The Obama administration is determined to make that happen.

During a phone conference held after the vote, the U.S. lead negotiator, Assistant Secretary of State Tom Countryman, reaffirmed the president’s support for implementation of the treaty.

“We look forward to this text being adopted by the United Nations General Assembly in the very near future,” Countryman said. “It’s important to the United States and the defense of our interests to insist on consensus. But every state in this process has always been conscious of the fact that, if consensus is not reached in this process, that there are other ways to adopt this treaty, including via a vote of the General Assembly.”

Later, Countryman predicted that barring any further alterations to the text, the General Assembly vote on the gun control treaty within days.

Predicting that the president would take such a tack in order to accelerate his drive toward the absolute disarmament of civilians and the establishment of a government monopoly over all means of armed resistance, U.S. Senator Jerry Moran (R-Kan.) declared his intent to stand in defense of the right to keep and bear arms.

The most recent collapse of ATT negotiations should serve as a wake-up call to the world’s democracies of the inherent flaws in the U.N. treaty process that puts us on level ground with dictatorships who abuse human rights and arms terrorists.

In the coming weeks, I anticipate ATT supporters will seek new avenues for treaty adoption, such as the U.N. General Assembly. Given the apparent support of the Obama Administration for the ATT, members of the U.S. Senate must continue to make clear that any treaty that violates our Second Amendment freedoms will be an absolute nonstarter for ratification.

As The New American reported recently, Moran is the chief sponsor of a resolution, S. Con. Res. 7, that enjoys bipartisan support from 32 co-sponsors.

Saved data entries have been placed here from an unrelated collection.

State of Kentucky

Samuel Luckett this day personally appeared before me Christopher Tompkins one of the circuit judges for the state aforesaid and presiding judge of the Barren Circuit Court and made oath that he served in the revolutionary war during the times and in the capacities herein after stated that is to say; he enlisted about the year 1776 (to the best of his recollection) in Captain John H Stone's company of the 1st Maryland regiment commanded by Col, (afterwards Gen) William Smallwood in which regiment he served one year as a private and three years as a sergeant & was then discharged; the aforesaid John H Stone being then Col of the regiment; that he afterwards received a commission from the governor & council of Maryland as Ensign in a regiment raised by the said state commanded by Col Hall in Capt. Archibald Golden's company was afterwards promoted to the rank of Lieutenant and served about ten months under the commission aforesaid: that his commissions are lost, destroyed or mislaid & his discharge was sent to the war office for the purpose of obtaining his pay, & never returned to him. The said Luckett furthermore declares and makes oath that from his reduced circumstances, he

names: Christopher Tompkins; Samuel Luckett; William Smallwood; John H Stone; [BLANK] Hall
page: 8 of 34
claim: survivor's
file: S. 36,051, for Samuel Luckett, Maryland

Moran’s measure declares that it is the sense of Congress that “the President should not sign the Arms Trade Treaty, and that, if he transmits the treaty with his signature to the Senate, the Senate should not ratify the Arms Trade Treaty.”

Representative Mike Kelly (R-Pa.) has offered a companion measure in the House.

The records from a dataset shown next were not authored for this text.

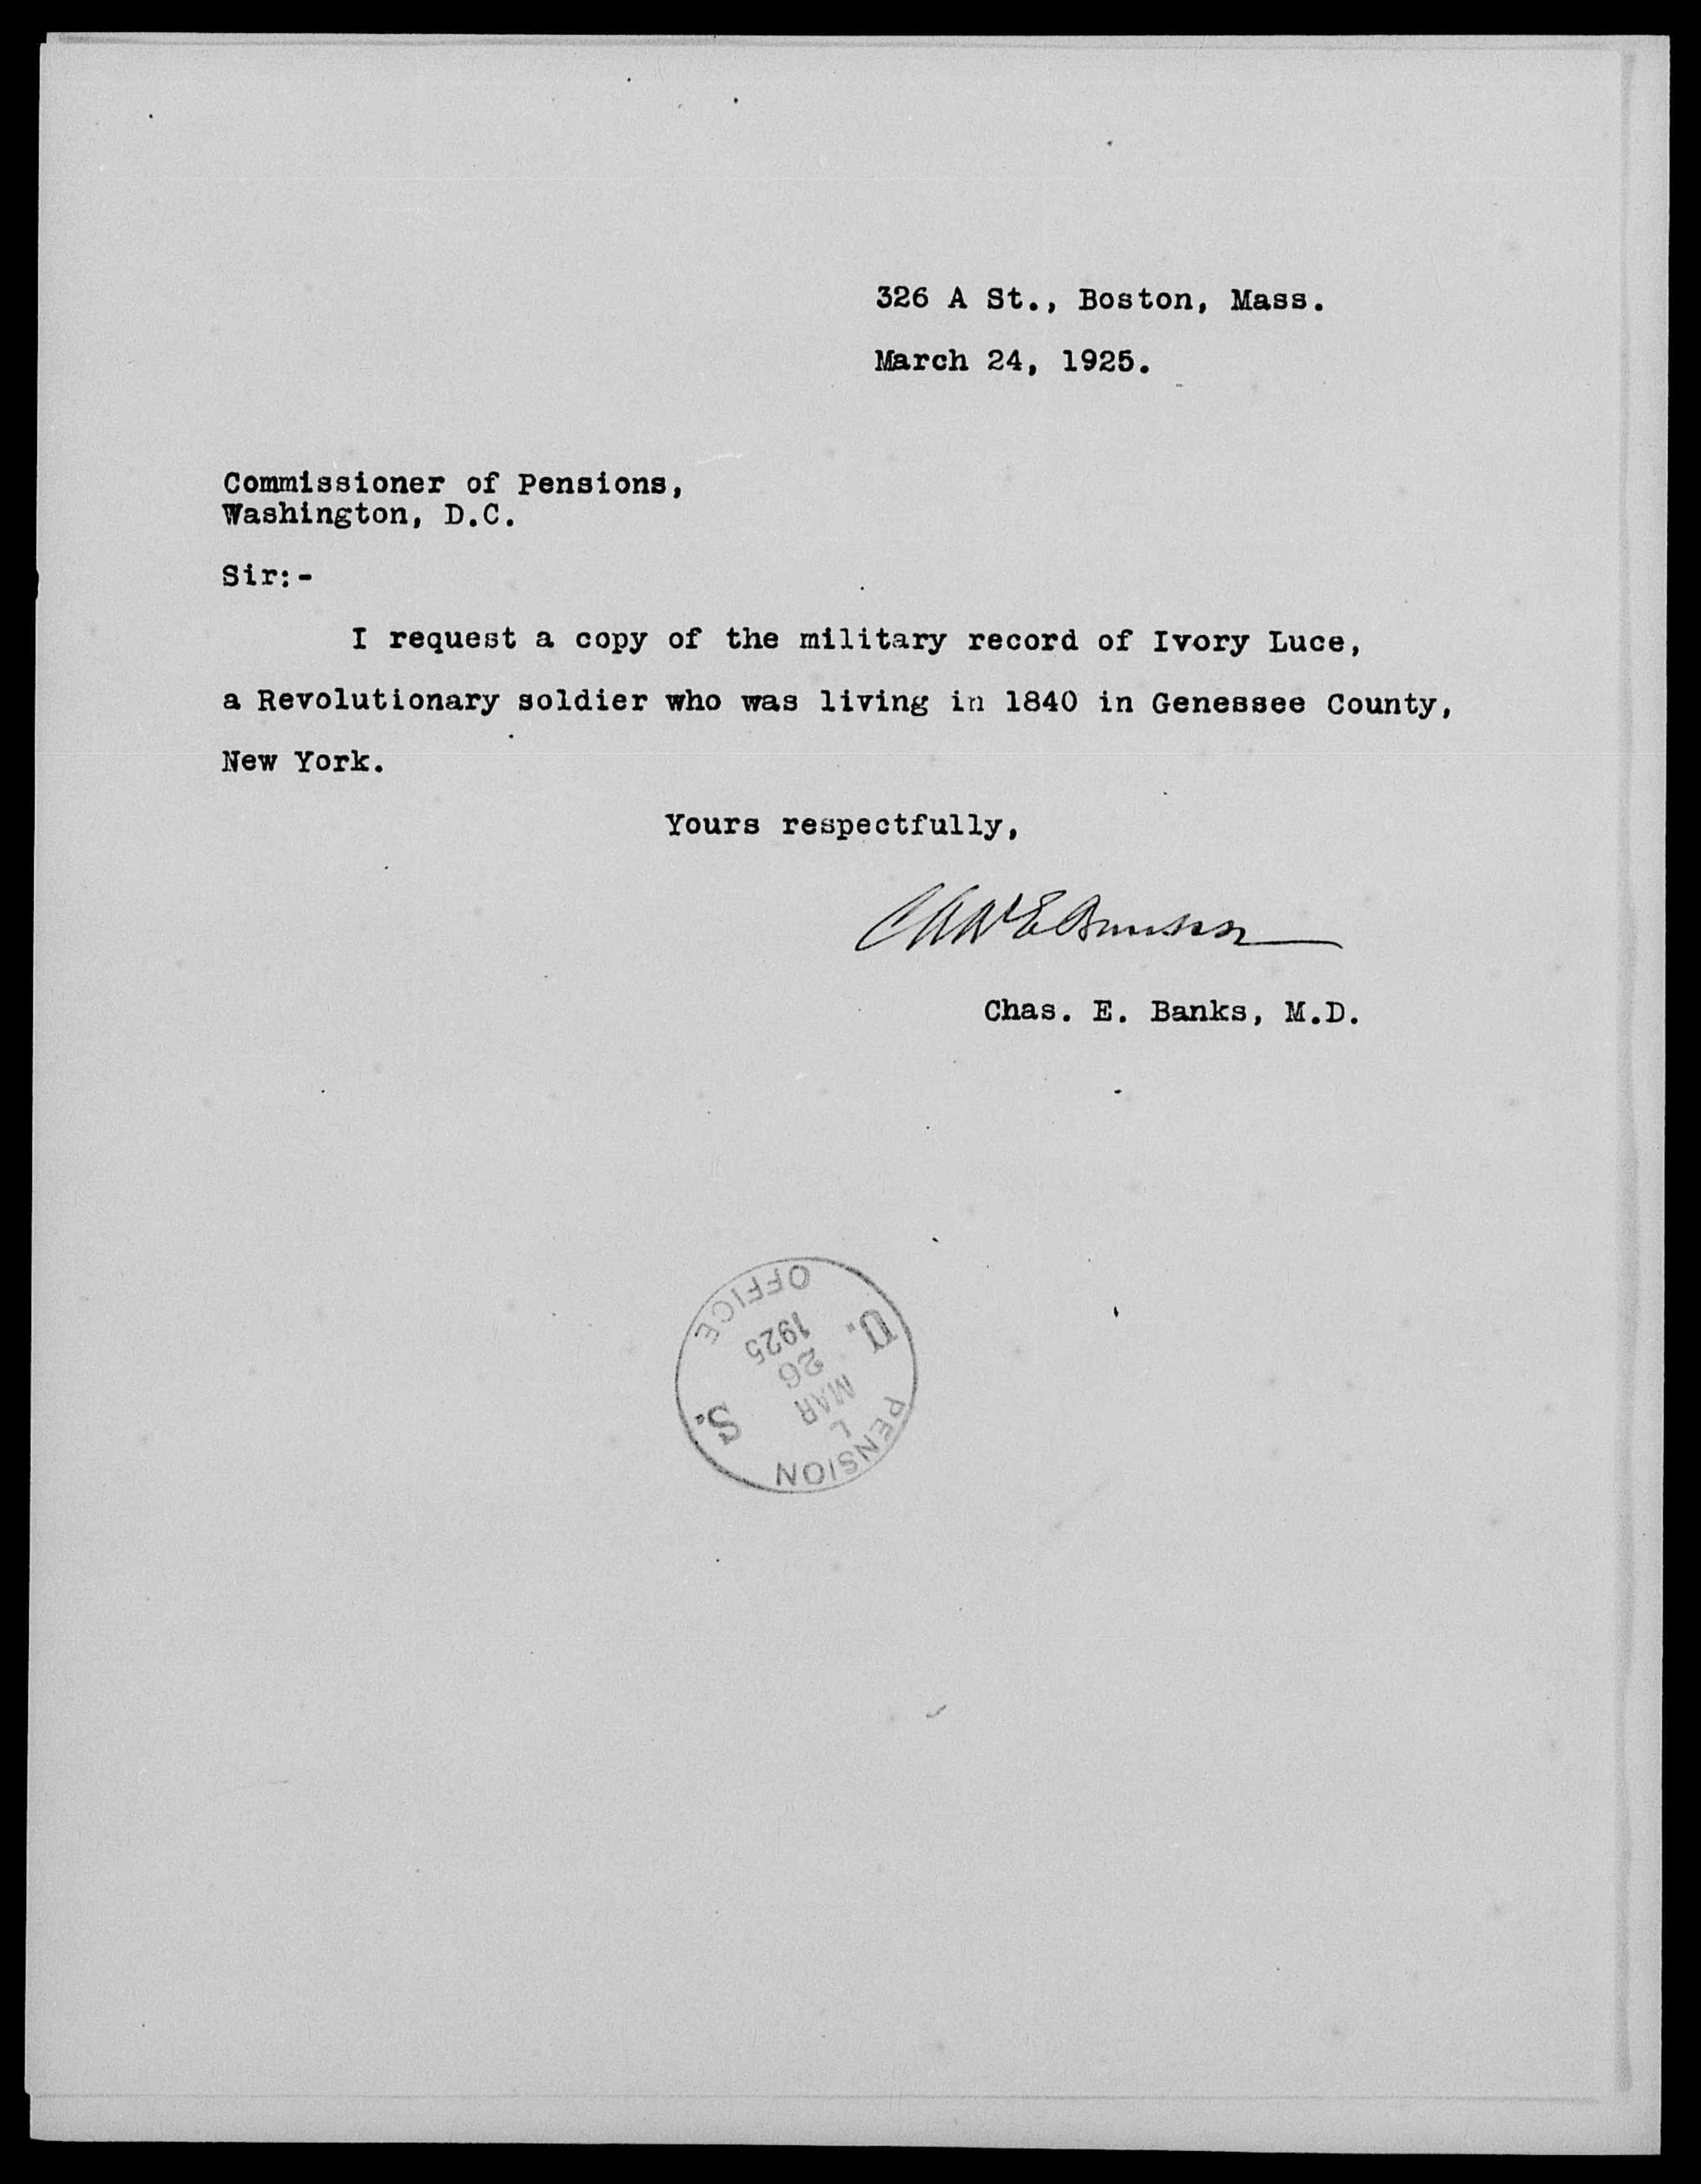326 A St., Boston, Mass.
March 24, 1925.

Commissioner of Pensions,
Washington, D.C.

Sir: - 

I request a copy of the military record of Ivory Luce, A Revolutionary soldier who was living in 1840 in Genessee County, New York.

Yours respectfully,
[signed]
Chas. E. Banks
Chas. E. Banks, M.D.

[stamped]
U. S. PENSION OFFICE MAR 26 1925

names: Chas E Banks; Ivory Luce
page: 67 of 70
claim: rejected
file: R. 6510, for Israel Luce, New York

Both the Moran and Kelly resolutions declare that the Arms Trade Treaty “poses significant risks to the national security, foreign policy, and economic interests of the United States as well as to the constitutional rights of United States citizens and United States sovereignty.”

The measures also points out that UN gun grab “fails to expressly recognize the fundamental, individual right to keep and to bear arms and the individual right of personal self-defense, as well as the legitimacy of hunting, sports shooting, and other lawful activities pertaining to the private ownership of firearms and related materials, and thus risks infringing on freedoms protected by the Second Amendment.”

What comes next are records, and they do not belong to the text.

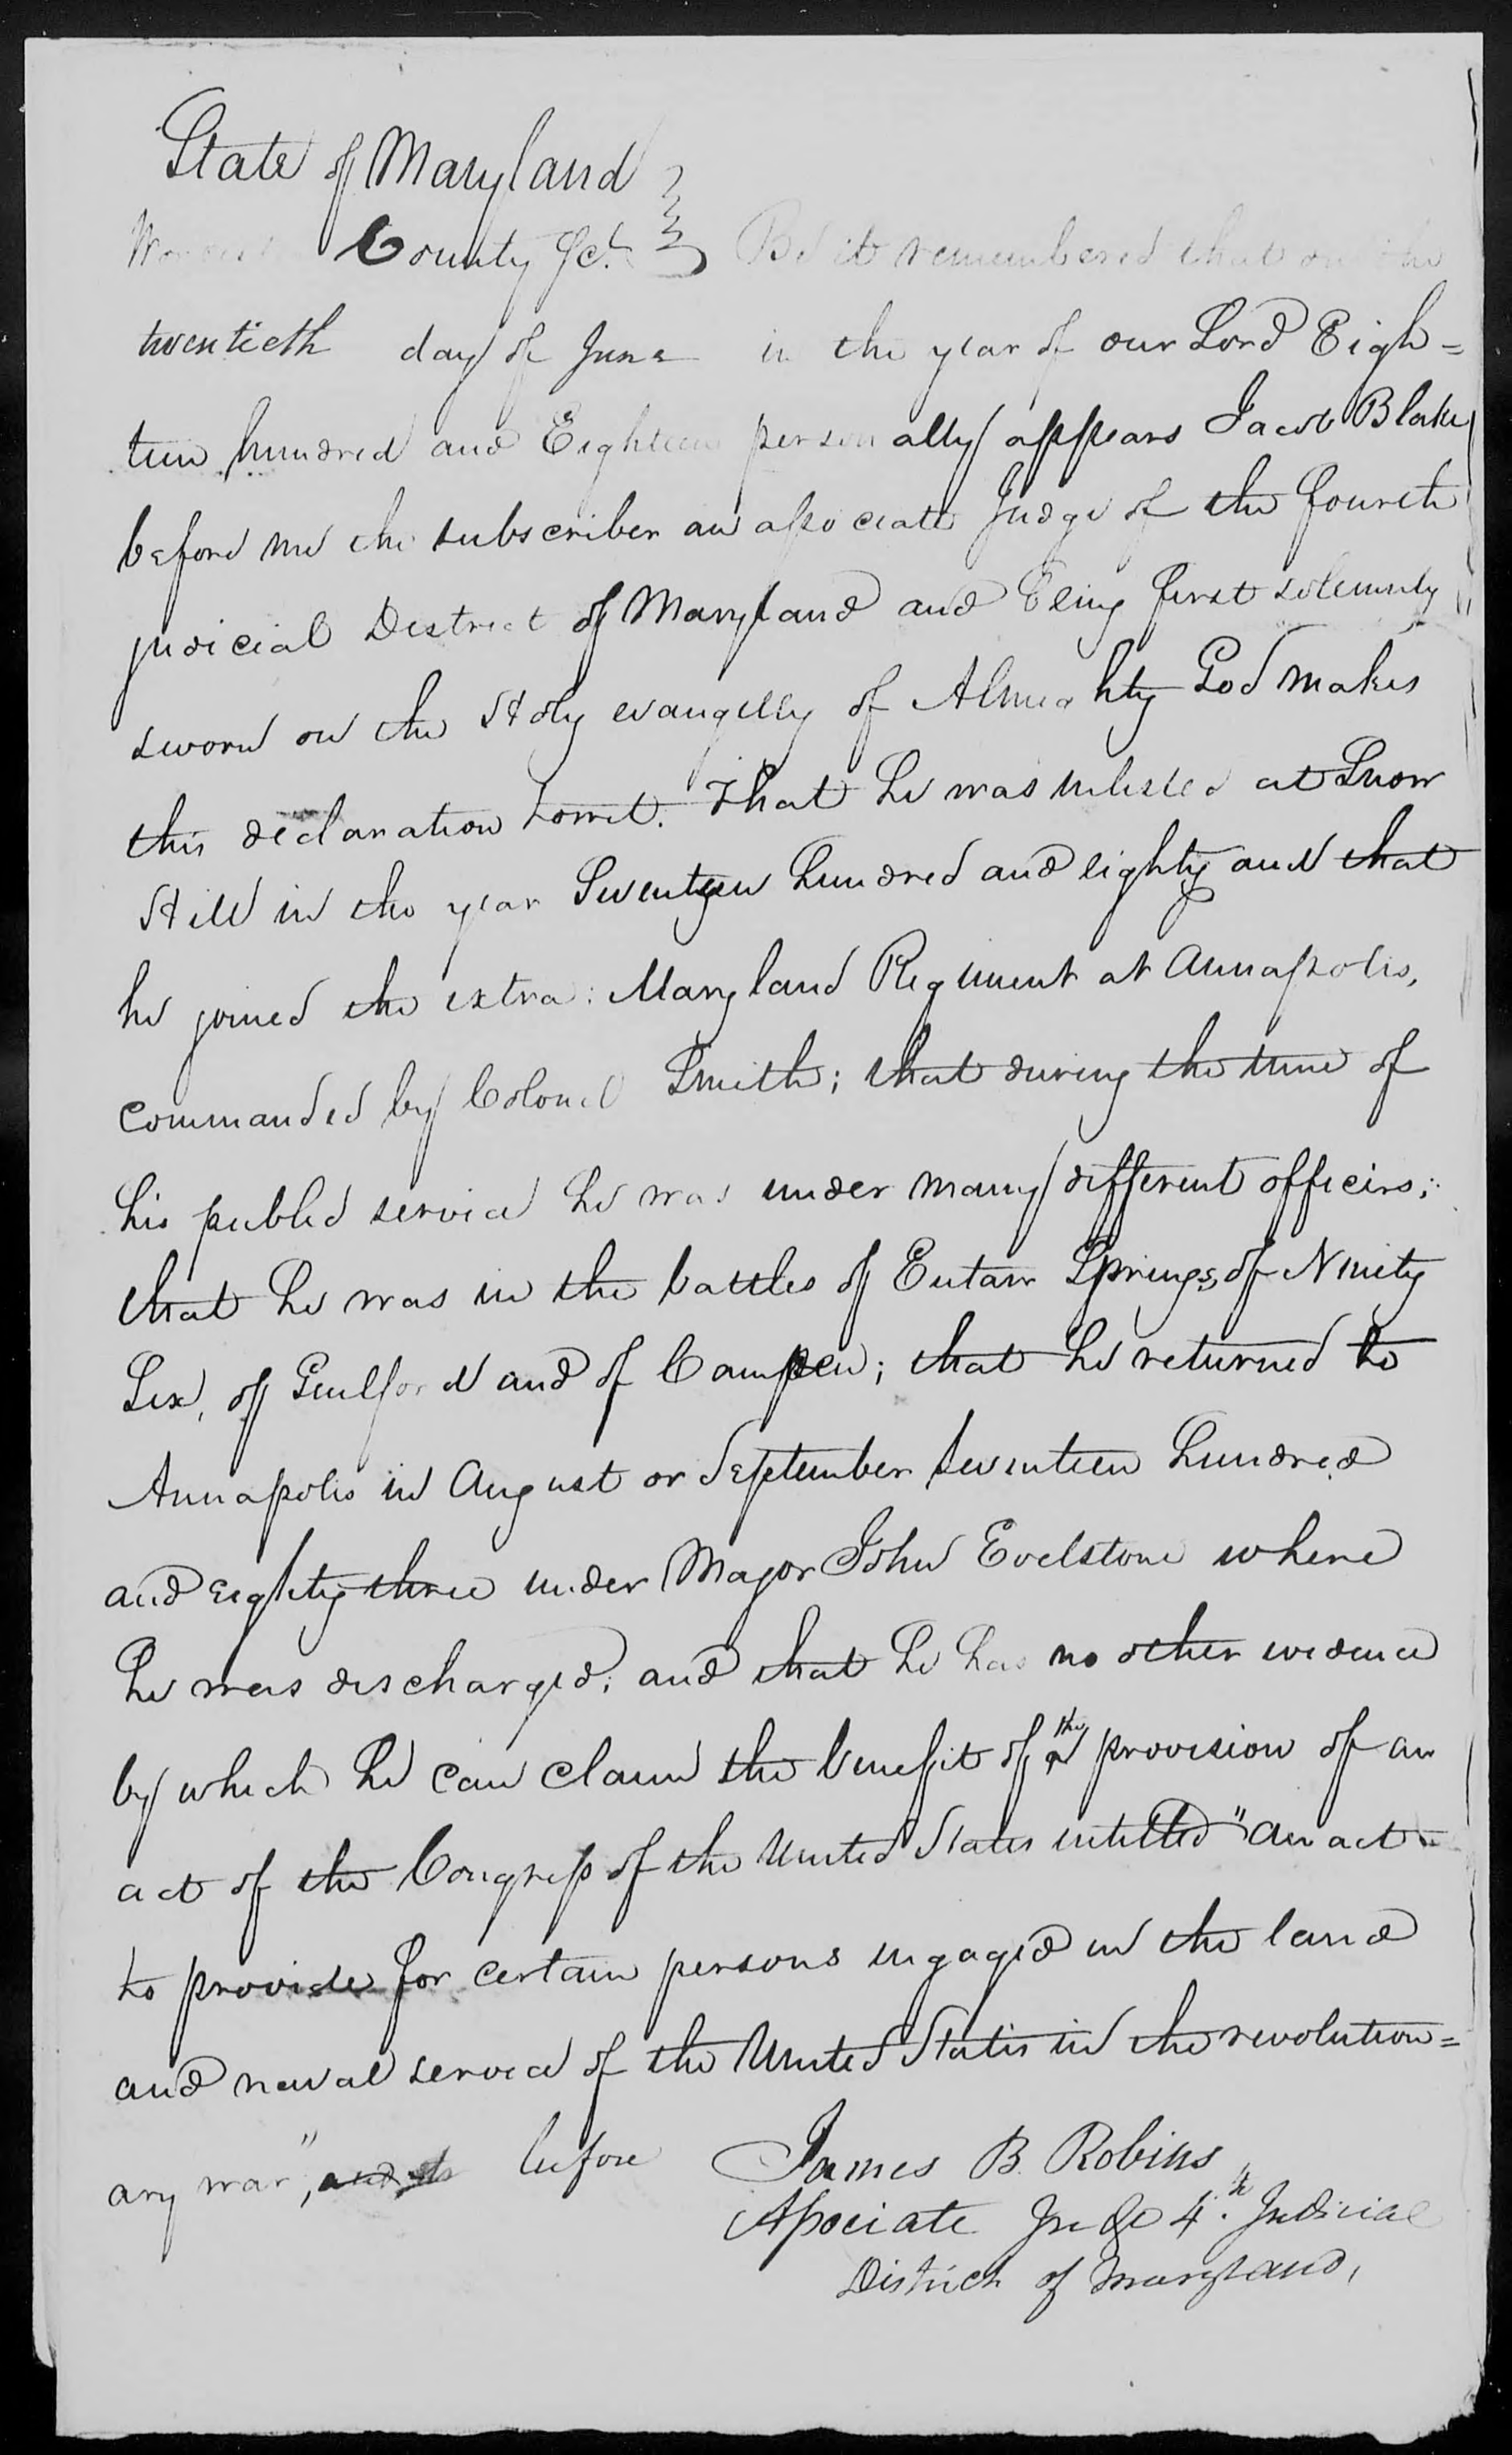State of Maryland
Worcester County 

Be it remembered that on the twentieth day of June in the year of our Lord Eighteen Hundred and Eighteen personally appeared Jacob Blake before me the subscriber an associate Judge in the Fourth Judicial District of Maryland and being first solemnly sworn on the said day and year [illegible] of Almighty God makes this declaration to wit. That he was enlisted at Snow Hill in the year seventeen hundred and eighty and that he joined the extra Maryland Regiment at Annapolis commanded by Colonel Smith; that during this time of his public servicehe was under many different officers that he was in the Battles of Eutaw Springs of Ninety Six, of Guilford and of Campew; that he returned to Annapolis in August or September seventeen hundred and eighty-three under Major John Evelstone where he was discharged, and that he has no other evidence by which he can claim the benefit of the provision of an act of the Congress of the United States entitled 'an act to provide for certain persons engaged in the land and naval service of the United States in the revolutionary war' before

James B Robins
Associate Judge 4th Judicial District of Maryland

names: James B Robins, Jacob Blake, John Evelstone, Smith
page: 4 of 18
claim: survivor's
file: S. 34654, Jacob Blake, Md.

Others of Moran’s colleagues are riding to the defense of the right to keep and bear arms, as well.

On March 23, the Senate approved a measure sponsored by Jim Inhofe (R-Okla.) “to uphold Second Amendment rights and prevent the United States from entering into the United Nations Arms Trade Treaty.” By a vote of 53-46, the Senate passed Inhofe’s amendment to the budget bill.

While all these events auger positively for the future of the Second Amendment, Americans must remain vigilant. The treaty may still be approved by a majority of the UN General Assembly, and regardless of the outcome of that vote, President Obama is intent on executing its unconstitutional mandates, seizing control of all privately owned firearms and ammunition.